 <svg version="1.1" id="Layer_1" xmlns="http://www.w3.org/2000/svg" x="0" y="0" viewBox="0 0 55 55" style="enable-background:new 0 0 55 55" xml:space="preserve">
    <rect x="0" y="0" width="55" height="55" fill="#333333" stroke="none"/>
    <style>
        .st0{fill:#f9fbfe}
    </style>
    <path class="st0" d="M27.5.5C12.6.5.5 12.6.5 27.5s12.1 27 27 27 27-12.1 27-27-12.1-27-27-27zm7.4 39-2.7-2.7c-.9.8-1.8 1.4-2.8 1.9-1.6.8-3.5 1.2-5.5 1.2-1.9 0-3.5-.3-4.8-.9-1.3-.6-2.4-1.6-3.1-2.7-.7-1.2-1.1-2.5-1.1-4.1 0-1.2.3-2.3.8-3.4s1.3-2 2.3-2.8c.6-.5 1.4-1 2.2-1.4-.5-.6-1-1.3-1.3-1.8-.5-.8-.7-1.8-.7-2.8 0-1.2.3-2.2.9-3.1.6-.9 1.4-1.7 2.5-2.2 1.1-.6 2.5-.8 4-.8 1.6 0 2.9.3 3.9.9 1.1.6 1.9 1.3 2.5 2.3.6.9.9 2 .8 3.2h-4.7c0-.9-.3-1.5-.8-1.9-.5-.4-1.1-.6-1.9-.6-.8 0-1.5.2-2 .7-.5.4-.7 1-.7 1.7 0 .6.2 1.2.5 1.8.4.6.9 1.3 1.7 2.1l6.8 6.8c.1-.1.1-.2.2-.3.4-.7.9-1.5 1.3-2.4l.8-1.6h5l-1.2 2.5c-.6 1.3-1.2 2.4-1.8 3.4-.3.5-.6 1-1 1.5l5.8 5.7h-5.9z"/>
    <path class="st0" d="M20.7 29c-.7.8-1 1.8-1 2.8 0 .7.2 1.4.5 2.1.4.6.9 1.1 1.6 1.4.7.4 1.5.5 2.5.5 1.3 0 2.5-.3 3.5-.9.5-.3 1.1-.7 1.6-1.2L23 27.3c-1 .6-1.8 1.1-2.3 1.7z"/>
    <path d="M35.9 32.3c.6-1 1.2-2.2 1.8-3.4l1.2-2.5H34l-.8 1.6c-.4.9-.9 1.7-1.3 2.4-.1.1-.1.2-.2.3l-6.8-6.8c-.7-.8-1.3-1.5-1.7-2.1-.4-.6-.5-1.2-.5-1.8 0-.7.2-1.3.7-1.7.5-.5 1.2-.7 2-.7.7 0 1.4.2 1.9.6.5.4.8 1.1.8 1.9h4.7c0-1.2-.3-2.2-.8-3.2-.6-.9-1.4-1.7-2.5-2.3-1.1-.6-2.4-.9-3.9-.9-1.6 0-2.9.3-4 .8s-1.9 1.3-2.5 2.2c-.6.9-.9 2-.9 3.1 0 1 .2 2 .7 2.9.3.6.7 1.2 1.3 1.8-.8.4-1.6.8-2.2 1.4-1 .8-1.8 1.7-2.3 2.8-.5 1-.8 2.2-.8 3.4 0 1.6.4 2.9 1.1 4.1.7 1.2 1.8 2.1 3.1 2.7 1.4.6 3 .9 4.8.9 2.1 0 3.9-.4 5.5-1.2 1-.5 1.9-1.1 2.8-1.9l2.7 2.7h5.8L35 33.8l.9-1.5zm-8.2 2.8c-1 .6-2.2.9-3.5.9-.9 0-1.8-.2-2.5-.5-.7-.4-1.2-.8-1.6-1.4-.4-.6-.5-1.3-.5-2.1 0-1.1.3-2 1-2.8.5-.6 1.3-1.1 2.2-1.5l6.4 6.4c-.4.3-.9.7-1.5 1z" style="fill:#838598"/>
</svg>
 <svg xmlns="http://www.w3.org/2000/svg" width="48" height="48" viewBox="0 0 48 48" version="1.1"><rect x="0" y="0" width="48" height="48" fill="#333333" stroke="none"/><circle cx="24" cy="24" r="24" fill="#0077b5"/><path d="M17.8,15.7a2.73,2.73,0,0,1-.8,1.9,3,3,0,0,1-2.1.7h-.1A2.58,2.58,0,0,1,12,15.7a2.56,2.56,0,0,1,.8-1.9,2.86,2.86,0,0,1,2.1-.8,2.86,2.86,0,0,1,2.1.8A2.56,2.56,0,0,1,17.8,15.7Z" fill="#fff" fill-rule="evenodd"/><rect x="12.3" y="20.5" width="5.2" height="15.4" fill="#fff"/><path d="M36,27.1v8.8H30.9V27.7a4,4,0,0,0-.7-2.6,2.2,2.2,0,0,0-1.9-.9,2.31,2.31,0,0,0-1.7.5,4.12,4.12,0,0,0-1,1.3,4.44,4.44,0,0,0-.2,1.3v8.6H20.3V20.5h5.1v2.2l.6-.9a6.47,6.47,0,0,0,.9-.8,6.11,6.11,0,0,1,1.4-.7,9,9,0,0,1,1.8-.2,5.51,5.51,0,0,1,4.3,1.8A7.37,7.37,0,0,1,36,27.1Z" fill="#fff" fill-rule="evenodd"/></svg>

--*--

- What this task involves:
All the records shown above need to be given again exactly.

- Response area:
 <svg version="1.1" id="Layer_1" xmlns="http://www.w3.org/2000/svg" x="0" y="0" viewBox="0 0 55 55" style="enable-background:new 0 0 55 55" xml:space="preserve">
    <rect x="0" y="0" width="55" height="55" fill="#333333" stroke="none"/>
    <style>
        .st0{fill:#f9fbfe}
    </style>
    <path class="st0" d="M27.5.5C12.6.5.5 12.6.5 27.5s12.1 27 27 27 27-12.1 27-27-12.1-27-27-27zm7.4 39-2.7-2.7c-.9.8-1.8 1.4-2.8 1.9-1.6.8-3.5 1.2-5.5 1.2-1.9 0-3.5-.3-4.8-.9-1.3-.6-2.4-1.6-3.1-2.7-.7-1.2-1.1-2.5-1.1-4.1 0-1.2.3-2.3.8-3.4s1.3-2 2.3-2.8c.6-.5 1.4-1 2.2-1.4-.5-.6-1-1.3-1.3-1.8-.5-.8-.7-1.8-.7-2.8 0-1.2.3-2.2.9-3.1.6-.9 1.4-1.7 2.5-2.2 1.1-.6 2.5-.8 4-.8 1.6 0 2.9.3 3.9.9 1.1.6 1.9 1.3 2.5 2.3.6.9.9 2 .8 3.2h-4.7c0-.9-.3-1.5-.8-1.9-.5-.4-1.1-.6-1.9-.6-.8 0-1.5.2-2 .7-.5.4-.7 1-.7 1.7 0 .6.2 1.2.5 1.8.4.6.9 1.3 1.7 2.1l6.8 6.8c.1-.1.1-.2.2-.3.4-.7.9-1.5 1.3-2.4l.8-1.6h5l-1.2 2.5c-.6 1.3-1.2 2.4-1.8 3.4-.3.5-.6 1-1 1.5l5.8 5.7h-5.9z"/>
    <path class="st0" d="M20.7 29c-.7.8-1 1.8-1 2.8 0 .7.2 1.4.5 2.1.4.6.9 1.1 1.6 1.4.7.4 1.5.5 2.5.5 1.3 0 2.5-.3 3.5-.9.5-.3 1.1-.7 1.6-1.2L23 27.3c-1 .6-1.8 1.1-2.3 1.7z"/>
    <path d="M35.9 32.3c.6-1 1.2-2.2 1.8-3.4l1.2-2.5H34l-.8 1.6c-.4.9-.9 1.7-1.3 2.4-.1.1-.1.2-.2.3l-6.8-6.8c-.7-.8-1.3-1.5-1.7-2.1-.4-.6-.5-1.2-.5-1.8 0-.7.2-1.3.7-1.7.5-.5 1.2-.7 2-.7.7 0 1.4.2 1.9.6.5.4.8 1.1.8 1.9h4.7c0-1.2-.3-2.2-.8-3.2-.6-.9-1.4-1.7-2.5-2.3-1.1-.6-2.4-.9-3.9-.9-1.6 0-2.9.3-4 .8s-1.9 1.3-2.5 2.2c-.6.9-.9 2-.9 3.1 0 1 .2 2 .7 2.9.3.6.7 1.2 1.3 1.8-.8.4-1.6.8-2.2 1.4-1 .8-1.8 1.7-2.3 2.8-.5 1-.8 2.2-.8 3.4 0 1.6.4 2.9 1.1 4.1.7 1.2 1.8 2.1 3.1 2.7 1.4.6 3 .9 4.8.9 2.1 0 3.9-.4 5.5-1.2 1-.5 1.9-1.1 2.8-1.9l2.7 2.7h5.8L35 33.8l.9-1.5zm-8.2 2.8c-1 .6-2.2.9-3.5.9-.9 0-1.8-.2-2.5-.5-.7-.4-1.2-.8-1.6-1.4-.4-.6-.5-1.3-.5-2.1 0-1.1.3-2 1-2.8.5-.6 1.3-1.1 2.2-1.5l6.4 6.4c-.4.3-.9.7-1.5 1z" style="fill:#838598"/>
</svg>
 <svg xmlns="http://www.w3.org/2000/svg" width="48" height="48" viewBox="0 0 48 48" version="1.1"><rect x="0" y="0" width="48" height="48" fill="#333333" stroke="none"/><circle cx="24" cy="24" r="24" fill="#0077b5"/><path d="M17.8,15.7a2.73,2.73,0,0,1-.8,1.9,3,3,0,0,1-2.1.7h-.1A2.58,2.58,0,0,1,12,15.7a2.56,2.56,0,0,1,.8-1.9,2.86,2.86,0,0,1,2.1-.8,2.86,2.86,0,0,1,2.1.8A2.56,2.56,0,0,1,17.8,15.7Z" fill="#fff" fill-rule="evenodd"/><rect x="12.3" y="20.5" width="5.2" height="15.4" fill="#fff"/><path d="M36,27.1v8.8H30.9V27.7a4,4,0,0,0-.7-2.6,2.2,2.2,0,0,0-1.9-.9,2.31,2.31,0,0,0-1.7.5,4.12,4.12,0,0,0-1,1.3,4.44,4.44,0,0,0-.2,1.3v8.6H20.3V20.5h5.1v2.2l.6-.9a6.47,6.47,0,0,0,.9-.8,6.11,6.11,0,0,1,1.4-.7,9,9,0,0,1,1.8-.2,5.51,5.51,0,0,1,4.3,1.8A7.37,7.37,0,0,1,36,27.1Z" fill="#fff" fill-rule="evenodd"/></svg>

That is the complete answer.